A psicóloga educacional sistêmica Andréa Visneck da Costa vai na mesma linha. "A criança aprende a barganhar: ela entende que só vai ganhar as coisas se der algo em troca. E a barganha é coisa do mundo adulto, não do infantil", analisa. "Cria-se um mundo de mentiras, e depois elas passam a chantagear os pais – ‘só vou arrumar meu quarto se você me der um chocolate’", exemplifica.

A palavra-chave, segundo Andréa, é "firmeza": "A grande saída é a postura. É preciso coragem para bancar isso, porque a criança vai chorar, gritar, espernear, que é a maneira que ela conhece para demonstrar que está contrariada, mas tudo deve ser discutido em cima da verdade". No caso da chupeta, por exemplo, ela defende que os pais sejam inflexíveis: "‘Você vai largar a chupeta porque cresceu, tem de largar e pronto. Não tem mais chupeta, jogamos fora’. Não é um processo fácil, a tentação de fraquejar é grande, mas o seu filho vai crescer com base na verdade, aprenderá a lidar com as próprias frustrações e será um adulto melhor".

Caso contrário, sustenta, o que vai florescer na mente dos filhos é a impunidade. "Sim, porque os pais haviam prometido que o filho não ganharia presente se não fosse dormir na própria cama. Ele obedece até a noite de Natal, ganha o presente e volta a dormir na cama dos pais. Eles podem até reclamar e brigar, mas passados alguns dias, ficam com pena e permitem que a criança durma com eles. Imediatamente a criança conclui: ‘posso fazer o que eu quero que não me acontece nada’", ilustra.

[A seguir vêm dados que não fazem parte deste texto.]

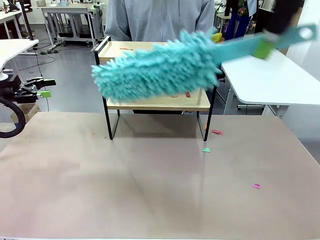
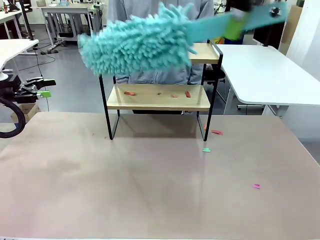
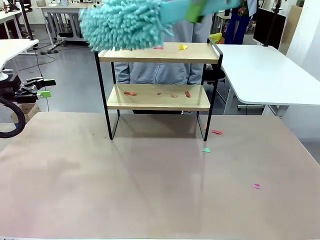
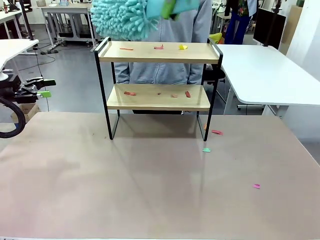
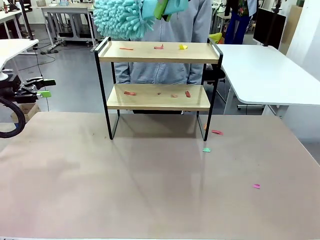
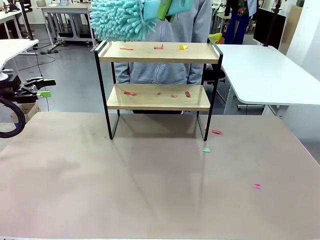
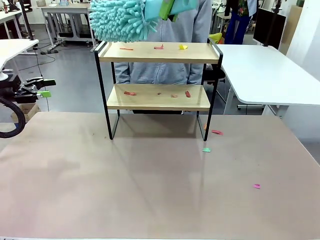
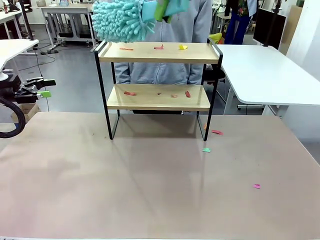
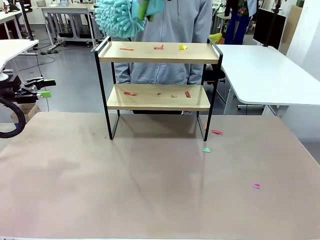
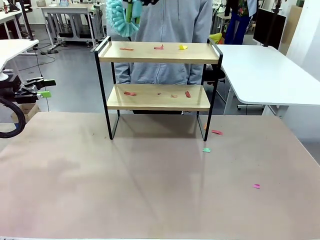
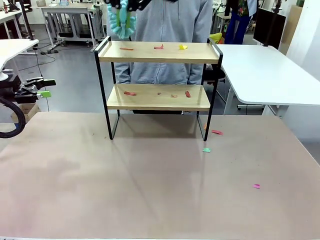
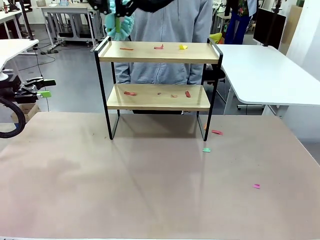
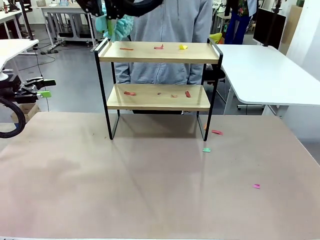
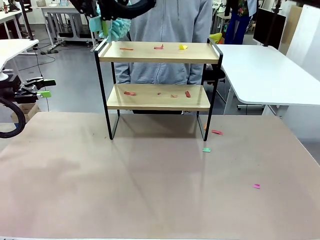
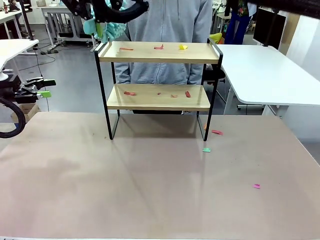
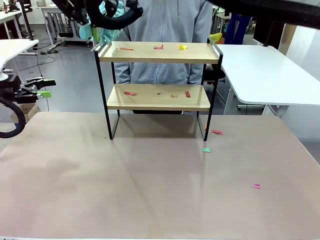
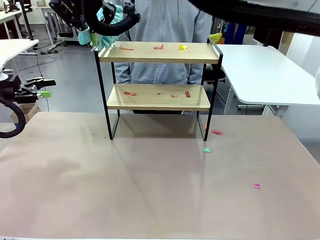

O próprio Papai Noel confirma que os pais costumam usá-lo para que as crianças se comportem. "Ih, acontece direto, com umas cem crianças por dia. Antes de elas falarem comigo, os pais falam para eu cobrar isso ou aquilo, pedir a chupeta ou a mamadeira, fazer esse tipo de negociação", revela o comerciante Luimar Narciso Staben, 58 anos, o Noel do Shopping Mueller. "Mas eu nunca prometo que vou levar o presente, porque vai que ela fica esperando e o presente não chega..."

0 COMENTÁRIO(S)
Deixe sua opinião
Use este espaço apenas para a comunicação de erros

Máximo de 700 caracteres [0]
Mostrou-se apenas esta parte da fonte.